Zinc Deprivation and the Nervous System.

This review is concerned with the role of zinc in the function of the nervous system with emphasis on the effects of dietary zinc deprivation. Zinc deficiency leads to several pathological signs, some of which occur within a few days in growing animals deprived of zinc. Depletion eventually leads progressively to more severe behavioral changes, to abnormal stance, and to peripheral neuropathy. The nervous system contains many essential zinc metalloproteins that are highly stable, i.e. have high zinc association constants. These proteins, which include enzymes, transcription factors and storage proteins, do not become limiting during incipient zinc deficiency. It is likely that other, yet unidentified, zinc dependent proteins become limiting within a few days after animals are deprived of dietary zinc and lead to behavioral changes such as decreased and cyclic feeding. One candidate for the first limiting zinc component of nerve tissue is the "chelatable" zinc pool.

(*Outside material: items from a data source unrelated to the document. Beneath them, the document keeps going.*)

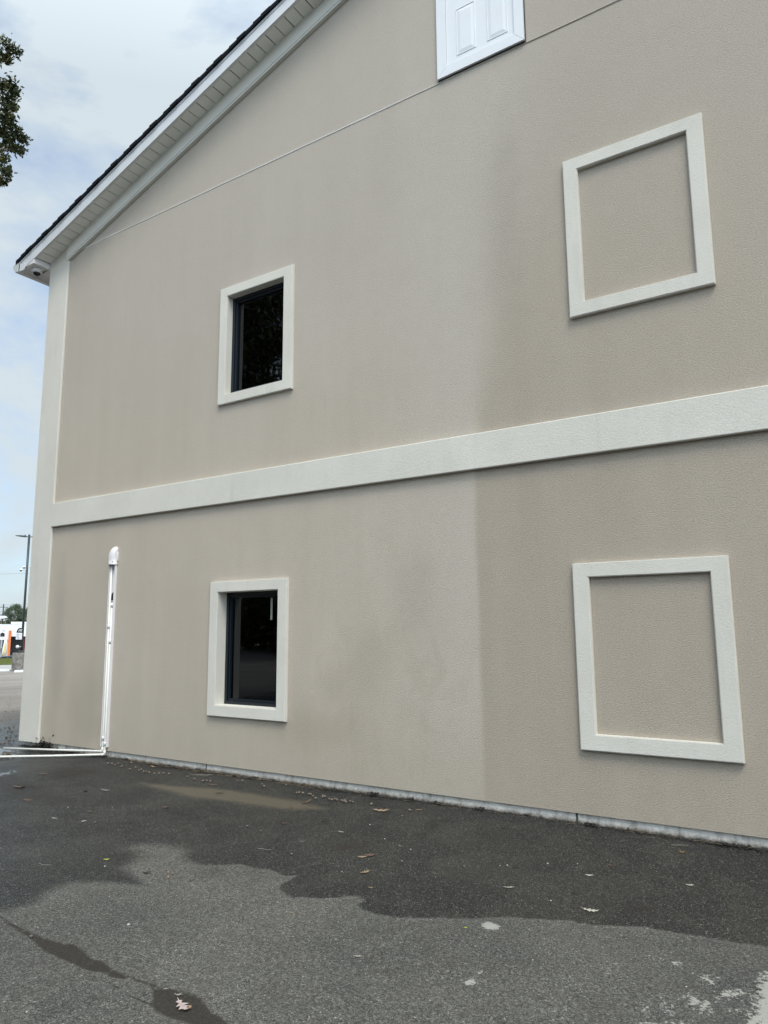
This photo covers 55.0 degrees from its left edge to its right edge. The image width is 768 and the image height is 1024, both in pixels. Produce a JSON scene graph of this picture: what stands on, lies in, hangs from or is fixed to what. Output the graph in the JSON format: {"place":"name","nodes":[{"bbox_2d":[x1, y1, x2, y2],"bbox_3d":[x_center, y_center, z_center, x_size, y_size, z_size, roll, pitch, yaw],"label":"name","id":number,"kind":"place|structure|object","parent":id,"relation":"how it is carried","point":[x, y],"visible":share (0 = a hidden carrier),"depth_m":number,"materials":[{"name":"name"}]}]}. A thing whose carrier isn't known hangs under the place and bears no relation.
{"place":"outdoors","nodes":[
{"label":"outdoors","id":0,"kind":"place"},
{"bbox_2d":[0,658,11,664],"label":"grass","id":1,"kind":"structure","parent":0,"point":[6,660],"depth_m":63.51,"materials":[{"name":"green plant"}]},
{"bbox_2d":[0,665,11,669],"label":"curb","id":2,"kind":"structure","parent":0,"point":[5,667],"depth_m":46.45,"materials":[{"name":"concrete"}]},
{"bbox_2d":[0,0,275,620],"label":"sky","id":3,"kind":"structure","parent":0,"point":[95,75],"materials":[{"name":"white"}]},
{"bbox_2d":[0,664,767,1023],"bbox_3d":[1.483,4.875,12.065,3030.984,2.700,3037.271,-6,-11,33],"label":"ground","id":4,"kind":"structure","parent":0,"point":[228,922],"depth_m":4.24,"materials":[{"name":"grey asphalt"}]},
{"bbox_2d":[0,616,7,623],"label":"white canopy","id":5,"kind":"object","parent":4,"relation":"on","point":[2,617],"visible":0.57,"depth_m":132.57,"materials":[{"name":"paint"}]},
{"bbox_2d":[1,640,7,655],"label":"feather flag","id":6,"kind":"object","parent":4,"relation":"on","point":[4,649],"visible":0.84,"depth_m":107.12,"materials":[{"name":"fabric"}]},
{"bbox_2d":[0,622,26,655],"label":"white shop","id":7,"kind":"structure","parent":4,"relation":"on","point":[8,632],"depth_m":110.63,"materials":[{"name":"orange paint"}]},
{"bbox_2d":[23,636,25,651],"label":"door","id":8,"kind":"structure","parent":7,"relation":"in","point":[24,636],"depth_m":111.27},
{"bbox_2d":[0,604,26,623],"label":"round tree","id":9,"kind":"object","parent":4,"relation":"on","point":[9,614],"visible":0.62,"depth_m":206.97,"materials":[{"name":"green plant"}]},
{"bbox_2d":[0,33,33,186],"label":"oak tree","id":10,"kind":"object","parent":4,"relation":"on","point":[9,101],"visible":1,"depth_m":16.85,"materials":[{"name":"green plant"}]},
{"bbox_2d":[11,535,29,670],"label":"light pole","id":11,"kind":"object","parent":4,"relation":"on","point":[18,661],"visible":0.62,"depth_m":40.29,"materials":[{"name":"metal"}]},
{"bbox_2d":[16,628,22,638],"bbox_3d":[-19.699,6.576,39.867,0.342,0.619,0.024,4,-10,-26],"label":"parking sign","id":12,"kind":"object","parent":11,"relation":"attached to","point":[19,632],"visible":1,"depth_m":39.86,"materials":[{"name":"white metal"}]},
{"bbox_2d":[31,735,57,748],"bbox_3d":[-4.671,3.144,10.071,0.635,0.219,0.134,-6,-11,33],"label":"rotten leaf clump","id":13,"kind":"object","parent":4,"relation":"on","point":[44,744],"visible":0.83,"depth_m":10.06,"materials":[{"name":"plant"}]},
{"bbox_2d":[176,997,191,1009],"bbox_3d":[-0.864,2.111,3.161,0.060,0.014,0.115,8,-9,-36],"label":"fallen leaf","id":14,"kind":"object","parent":4,"relation":"on","point":[182,1005],"visible":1,"depth_m":3.16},
{"bbox_2d":[13,0,767,849],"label":"beige building","id":15,"kind":"structure","parent":4,"relation":"on","point":[403,432],"depth_m":7.36,"materials":[{"name":"paint"}]},
{"bbox_2d":[31,267,42,276],"bbox_3d":[-5.416,-3.733,11.507,0.166,0.112,0.166,-6,-11,33],"label":"dome camera","id":16,"kind":"object","parent":15,"relation":"attached to","point":[37,271],"visible":1,"depth_m":11.46,"materials":[{"name":"white plastic"}]},
{"bbox_2d":[0,593,112,757],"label":"drain pipe","id":17,"kind":"object","parent":15,"relation":"attached to","point":[60,755],"visible":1,"depth_m":9.40,"materials":[{"name":"plastic"}]},
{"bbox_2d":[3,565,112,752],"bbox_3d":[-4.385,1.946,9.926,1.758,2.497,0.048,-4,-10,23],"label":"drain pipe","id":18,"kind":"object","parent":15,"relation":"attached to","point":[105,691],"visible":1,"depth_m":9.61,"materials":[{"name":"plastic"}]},
{"bbox_2d":[100,547,118,746],"bbox_3d":[-3.584,1.726,9.585,0.145,2.564,0.075,-6,-11,33],"label":"line cover","id":19,"kind":"object","parent":15,"relation":"attached to","point":[113,556],"visible":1,"depth_m":9.62,"materials":[{"name":"white plastic"}]},
{"bbox_2d":[207,578,288,721],"bbox_3d":[-1.478,1.544,8.371,1.183,1.528,0.268,-6,-11,33],"label":"window","id":20,"kind":"structure","parent":15,"relation":"in","point":[249,619],"depth_m":8.44,"materials":[{"name":"black glass"}]},
{"bbox_2d":[217,264,294,405],"bbox_3d":[-1.495,-2.087,8.910,1.179,1.511,0.220,-6,-11,33],"label":"window","id":21,"kind":"structure","parent":15,"relation":"in","point":[256,336],"depth_m":8.96,"materials":[{"name":"black glass"}]},
{"bbox_2d":[436,0,525,82],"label":"attic door","id":22,"kind":"structure","parent":15,"relation":"in","point":[469,33],"depth_m":7.62,"materials":[{"name":"white metal"}]},
{"bbox_2d":[18,744,767,852],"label":"leaf litter","id":23,"kind":"object","parent":4,"relation":"on","point":[594,825],"visible":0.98,"depth_m":6.89,"materials":[{"name":"plant"}]}
]}

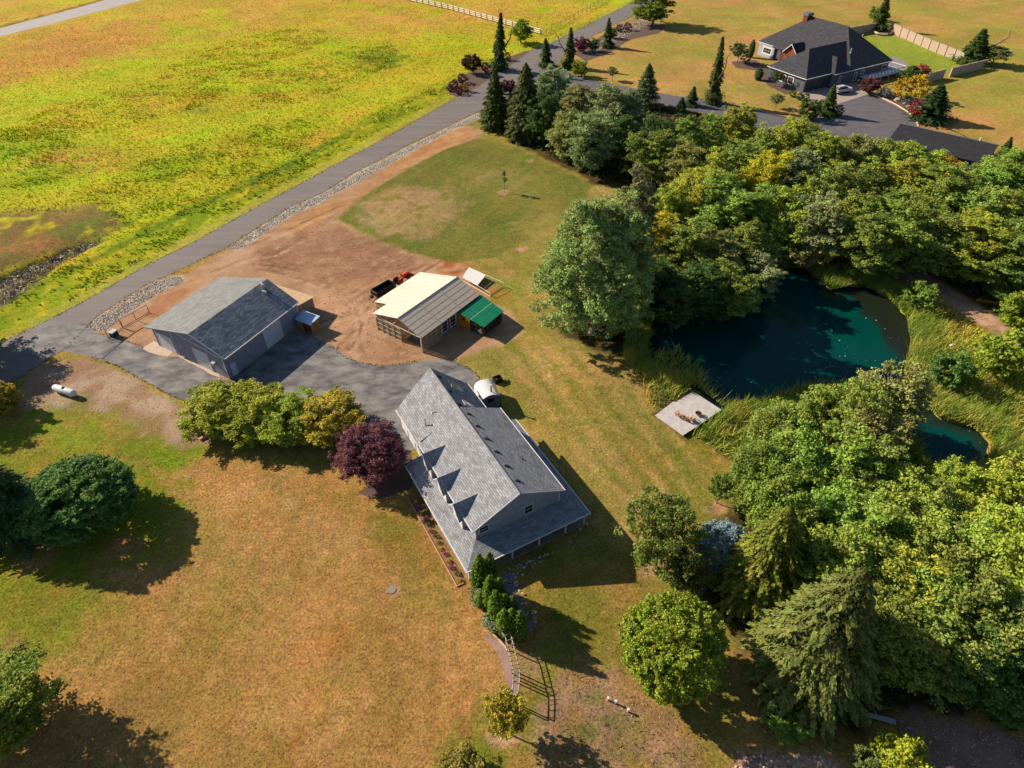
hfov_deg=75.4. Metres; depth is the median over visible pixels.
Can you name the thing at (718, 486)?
broadleaf tree
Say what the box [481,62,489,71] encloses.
shrub
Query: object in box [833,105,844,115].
shrub
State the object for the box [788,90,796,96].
shrub
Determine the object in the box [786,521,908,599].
broadleaf tree
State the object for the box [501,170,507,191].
broadleaf tree
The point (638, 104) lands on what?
broadleaf tree
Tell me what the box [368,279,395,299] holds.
dump trailer
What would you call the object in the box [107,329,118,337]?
gate motor
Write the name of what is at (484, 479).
house
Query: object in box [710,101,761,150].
broadleaf tree
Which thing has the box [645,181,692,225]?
broadleaf tree
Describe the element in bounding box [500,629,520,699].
pergola
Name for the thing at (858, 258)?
broadleaf tree
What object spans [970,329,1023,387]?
shrub
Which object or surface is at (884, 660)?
broadleaf tree
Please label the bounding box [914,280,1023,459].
marsh grass
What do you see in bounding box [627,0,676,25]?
broadleaf tree
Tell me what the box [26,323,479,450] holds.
driveway
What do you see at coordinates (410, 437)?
garage door
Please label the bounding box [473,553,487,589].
columnar conifer
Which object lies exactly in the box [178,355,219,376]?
pavement
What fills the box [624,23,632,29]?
shrub
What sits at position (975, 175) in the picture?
broadleaf tree
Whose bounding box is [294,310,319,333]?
shed
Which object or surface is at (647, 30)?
mulch bed
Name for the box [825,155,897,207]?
broadleaf tree
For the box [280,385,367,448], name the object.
broadleaf tree
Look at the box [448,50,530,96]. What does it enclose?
mulch bed
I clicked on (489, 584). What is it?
columnar conifer
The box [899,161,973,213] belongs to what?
broadleaf tree
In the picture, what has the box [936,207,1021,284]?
broadleaf tree
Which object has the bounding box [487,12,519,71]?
conifer tree
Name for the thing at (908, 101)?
shrub
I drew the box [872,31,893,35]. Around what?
planter wall
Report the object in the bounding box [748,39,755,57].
shrub
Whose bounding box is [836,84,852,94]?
parked car
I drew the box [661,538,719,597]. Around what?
broadleaf tree
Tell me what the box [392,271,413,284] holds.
tractor
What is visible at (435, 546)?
bed edging
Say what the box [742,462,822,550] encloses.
broadleaf tree
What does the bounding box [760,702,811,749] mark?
shrub
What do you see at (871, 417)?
broadleaf tree
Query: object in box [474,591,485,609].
columnar conifer
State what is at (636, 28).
bed rocks
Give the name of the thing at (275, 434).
broadleaf tree
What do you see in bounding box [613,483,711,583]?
broadleaf tree
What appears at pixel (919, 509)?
broadleaf tree
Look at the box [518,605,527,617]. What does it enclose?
paving stone
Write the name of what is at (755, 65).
mulch bed
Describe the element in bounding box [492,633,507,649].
timber edge
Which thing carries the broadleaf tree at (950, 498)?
on the ground at (446, 204)
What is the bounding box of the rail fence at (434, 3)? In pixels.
[410,0,540,34]
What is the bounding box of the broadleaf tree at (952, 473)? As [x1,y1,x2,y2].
[923,454,982,499]
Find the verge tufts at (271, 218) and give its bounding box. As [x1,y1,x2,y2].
[1,6,639,399]
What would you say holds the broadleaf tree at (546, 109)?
on the ground at (446, 204)
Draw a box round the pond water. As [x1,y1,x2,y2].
[643,267,989,468]
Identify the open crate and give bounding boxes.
[492,374,503,384]
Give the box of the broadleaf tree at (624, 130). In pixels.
[593,114,642,170]
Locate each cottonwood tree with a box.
[527,188,659,339]
[601,163,661,300]
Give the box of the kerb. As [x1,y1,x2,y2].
[873,94,918,125]
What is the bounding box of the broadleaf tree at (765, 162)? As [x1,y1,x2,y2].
[736,148,795,198]
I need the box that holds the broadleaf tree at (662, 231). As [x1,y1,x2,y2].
[634,210,688,270]
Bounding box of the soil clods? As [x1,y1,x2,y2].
[254,224,697,767]
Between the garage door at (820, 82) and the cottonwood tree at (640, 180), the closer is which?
the cottonwood tree at (640, 180)
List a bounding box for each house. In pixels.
[395,367,590,580]
[757,11,906,91]
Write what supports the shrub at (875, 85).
on the pavement at (819, 94)
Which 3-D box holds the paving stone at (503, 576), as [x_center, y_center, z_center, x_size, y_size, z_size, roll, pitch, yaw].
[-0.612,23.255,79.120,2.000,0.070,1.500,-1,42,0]
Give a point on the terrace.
(896, 59)
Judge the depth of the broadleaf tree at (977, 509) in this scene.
72.64 m
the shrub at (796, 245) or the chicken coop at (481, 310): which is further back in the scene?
the shrub at (796, 245)
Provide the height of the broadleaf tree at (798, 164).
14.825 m
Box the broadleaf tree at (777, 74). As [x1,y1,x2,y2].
[770,69,784,85]
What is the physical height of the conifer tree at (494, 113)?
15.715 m
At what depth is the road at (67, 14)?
289.05 m
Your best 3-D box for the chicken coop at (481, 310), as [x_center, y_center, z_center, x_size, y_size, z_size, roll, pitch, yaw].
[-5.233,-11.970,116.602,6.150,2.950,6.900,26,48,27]
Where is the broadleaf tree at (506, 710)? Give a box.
[481,684,531,740]
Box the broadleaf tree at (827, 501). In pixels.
[798,474,892,550]
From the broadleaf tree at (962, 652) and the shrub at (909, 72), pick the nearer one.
the broadleaf tree at (962, 652)
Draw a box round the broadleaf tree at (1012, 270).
[964,216,1023,298]
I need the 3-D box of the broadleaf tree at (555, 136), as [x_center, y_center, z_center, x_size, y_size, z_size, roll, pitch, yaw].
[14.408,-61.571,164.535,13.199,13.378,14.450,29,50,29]
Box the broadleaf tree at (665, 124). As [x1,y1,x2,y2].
[640,110,685,151]
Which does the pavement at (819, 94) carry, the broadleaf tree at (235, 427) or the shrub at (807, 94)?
the shrub at (807, 94)
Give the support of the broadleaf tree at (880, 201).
on the ground at (446, 204)
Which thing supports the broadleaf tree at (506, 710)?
on the ground at (446, 204)
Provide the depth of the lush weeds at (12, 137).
185.38 m
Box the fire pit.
[695,410,701,415]
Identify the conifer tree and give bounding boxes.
[0,463,64,561]
[478,71,511,132]
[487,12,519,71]
[504,62,544,145]
[536,38,556,67]
[554,27,577,69]
[600,18,616,48]
[632,63,663,109]
[672,97,688,115]
[685,86,699,108]
[693,517,746,575]
[701,36,734,105]
[701,505,807,636]
[736,566,882,751]
[817,84,838,117]
[868,0,890,31]
[899,84,958,128]
[948,28,1011,66]
[996,137,1012,154]
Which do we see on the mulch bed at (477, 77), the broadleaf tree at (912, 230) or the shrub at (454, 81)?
the shrub at (454, 81)
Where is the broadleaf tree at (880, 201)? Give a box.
[863,187,915,242]
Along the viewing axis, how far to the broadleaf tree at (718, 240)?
116.94 m
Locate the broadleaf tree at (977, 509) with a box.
[947,488,1012,537]
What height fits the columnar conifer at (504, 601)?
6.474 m
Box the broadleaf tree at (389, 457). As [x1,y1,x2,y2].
[327,418,407,489]
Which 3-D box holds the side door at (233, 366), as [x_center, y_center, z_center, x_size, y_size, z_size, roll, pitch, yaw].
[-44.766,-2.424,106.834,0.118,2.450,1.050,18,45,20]
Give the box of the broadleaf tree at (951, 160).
[928,155,966,178]
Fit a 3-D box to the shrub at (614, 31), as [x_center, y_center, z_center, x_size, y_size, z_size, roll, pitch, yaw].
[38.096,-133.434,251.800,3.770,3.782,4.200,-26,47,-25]
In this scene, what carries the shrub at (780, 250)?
on the ground at (446, 204)
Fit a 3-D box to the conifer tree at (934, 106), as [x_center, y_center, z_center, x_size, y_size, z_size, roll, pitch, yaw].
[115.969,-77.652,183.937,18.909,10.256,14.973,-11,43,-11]
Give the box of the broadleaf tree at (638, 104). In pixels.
[613,88,647,132]
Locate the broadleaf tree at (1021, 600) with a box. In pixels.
[974,588,1023,681]
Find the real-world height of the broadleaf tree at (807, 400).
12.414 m
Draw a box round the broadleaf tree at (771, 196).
[726,181,782,244]
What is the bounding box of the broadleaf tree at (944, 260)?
[897,210,985,275]
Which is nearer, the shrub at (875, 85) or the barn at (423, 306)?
the barn at (423, 306)
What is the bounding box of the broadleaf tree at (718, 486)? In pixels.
[707,471,734,502]
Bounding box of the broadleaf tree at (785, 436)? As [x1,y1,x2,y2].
[754,418,830,503]
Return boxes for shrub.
[0,380,23,416]
[438,734,484,767]
[445,84,452,91]
[447,79,457,88]
[453,85,462,94]
[457,73,468,83]
[460,82,468,90]
[466,582,482,609]
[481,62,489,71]
[481,613,498,634]
[501,79,515,93]
[504,52,510,59]
[571,60,587,75]
[573,36,588,51]
[586,37,599,50]
[612,27,617,37]
[615,24,623,30]
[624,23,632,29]
[741,53,750,62]
[743,241,786,273]
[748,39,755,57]
[754,68,763,80]
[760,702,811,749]
[779,223,821,253]
[783,230,837,269]
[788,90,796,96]
[795,92,803,99]
[797,98,821,118]
[802,92,809,98]
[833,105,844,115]
[848,743,884,767]
[857,77,883,92]
[867,728,936,767]
[868,6,880,18]
[880,85,891,97]
[891,74,932,99]
[898,65,923,81]
[899,278,942,308]
[901,92,913,103]
[907,99,922,115]
[914,63,931,76]
[925,348,978,388]
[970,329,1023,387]
[993,290,1023,330]
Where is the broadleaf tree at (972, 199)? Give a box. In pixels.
[921,181,1013,225]
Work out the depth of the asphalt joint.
112.89 m
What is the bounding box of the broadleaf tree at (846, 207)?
[822,188,885,260]
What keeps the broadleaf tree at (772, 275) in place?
on the ground at (446, 204)
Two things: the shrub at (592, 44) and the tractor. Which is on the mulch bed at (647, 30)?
the shrub at (592, 44)
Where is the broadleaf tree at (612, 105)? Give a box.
[581,83,634,137]
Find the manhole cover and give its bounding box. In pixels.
[387,586,395,593]
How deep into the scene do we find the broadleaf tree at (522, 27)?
244.26 m
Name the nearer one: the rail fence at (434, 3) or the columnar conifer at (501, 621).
the columnar conifer at (501, 621)
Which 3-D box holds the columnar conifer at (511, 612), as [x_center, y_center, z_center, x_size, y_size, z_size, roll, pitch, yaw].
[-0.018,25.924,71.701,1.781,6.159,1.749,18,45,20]
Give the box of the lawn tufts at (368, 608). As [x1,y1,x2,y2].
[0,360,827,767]
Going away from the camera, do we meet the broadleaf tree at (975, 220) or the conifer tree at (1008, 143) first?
the broadleaf tree at (975, 220)
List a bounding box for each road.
[0,0,139,35]
[0,0,650,382]
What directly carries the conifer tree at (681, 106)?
on the ground at (446, 204)
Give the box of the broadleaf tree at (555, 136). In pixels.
[544,106,593,161]
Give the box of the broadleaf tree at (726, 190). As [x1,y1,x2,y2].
[690,168,764,238]
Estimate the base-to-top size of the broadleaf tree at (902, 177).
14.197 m
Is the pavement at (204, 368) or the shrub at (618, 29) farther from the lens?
the shrub at (618, 29)
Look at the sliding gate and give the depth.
117.69 m
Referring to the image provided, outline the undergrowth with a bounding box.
[504,88,1023,731]
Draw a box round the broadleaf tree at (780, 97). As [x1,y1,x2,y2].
[769,93,785,107]
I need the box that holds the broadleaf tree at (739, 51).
[729,41,748,62]
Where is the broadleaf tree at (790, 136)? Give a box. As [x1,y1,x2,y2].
[769,114,824,159]
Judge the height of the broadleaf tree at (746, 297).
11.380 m
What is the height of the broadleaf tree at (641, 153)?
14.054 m
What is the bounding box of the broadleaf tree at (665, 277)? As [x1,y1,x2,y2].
[635,258,677,313]
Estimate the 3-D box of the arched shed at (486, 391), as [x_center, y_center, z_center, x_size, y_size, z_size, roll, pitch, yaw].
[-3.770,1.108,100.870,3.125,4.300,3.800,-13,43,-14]
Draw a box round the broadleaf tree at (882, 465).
[824,433,909,518]
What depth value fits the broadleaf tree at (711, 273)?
112.62 m
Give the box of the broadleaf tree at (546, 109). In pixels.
[523,88,565,144]
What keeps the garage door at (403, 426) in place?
in the house at (484, 479)
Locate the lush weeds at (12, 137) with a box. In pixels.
[0,28,452,322]
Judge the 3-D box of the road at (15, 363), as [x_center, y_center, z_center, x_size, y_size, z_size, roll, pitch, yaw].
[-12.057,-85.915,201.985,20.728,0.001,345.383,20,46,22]
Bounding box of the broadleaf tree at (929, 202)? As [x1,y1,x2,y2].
[891,184,959,243]
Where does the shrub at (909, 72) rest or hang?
on the ground at (446, 204)
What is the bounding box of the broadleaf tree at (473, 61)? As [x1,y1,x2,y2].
[461,53,482,73]
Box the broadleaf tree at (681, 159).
[654,136,708,186]
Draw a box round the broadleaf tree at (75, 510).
[10,452,140,548]
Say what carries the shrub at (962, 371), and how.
on the ground at (446, 204)
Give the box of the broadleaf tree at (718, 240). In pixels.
[687,228,746,289]
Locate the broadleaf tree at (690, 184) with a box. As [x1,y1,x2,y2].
[662,166,727,227]
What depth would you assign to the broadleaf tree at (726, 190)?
128.37 m
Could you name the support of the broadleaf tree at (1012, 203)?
on the ground at (446, 204)
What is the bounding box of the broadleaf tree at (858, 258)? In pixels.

Another is the plasma membrane zinc pool; the latter pool is decreased in zinc deficient rat erythrocytes, leading to oxidation of protein thiol groups and malfunction of that membrane. While the defective biochemical mechanism(s) that leads to the signs of deficiency is not entirely clear, there is evidence that synaptosomes from zinc deficient guinea pigs do not take up calcium normally when stimulated. It is postulated that the most vulnerable zinc pool serves a protective role against oxidative damage to plasma membrane proteins including the proteins involved with calcium channels. If so, the first limiting role of zinc is protective rather than catalytic or that of a neurotransmitter.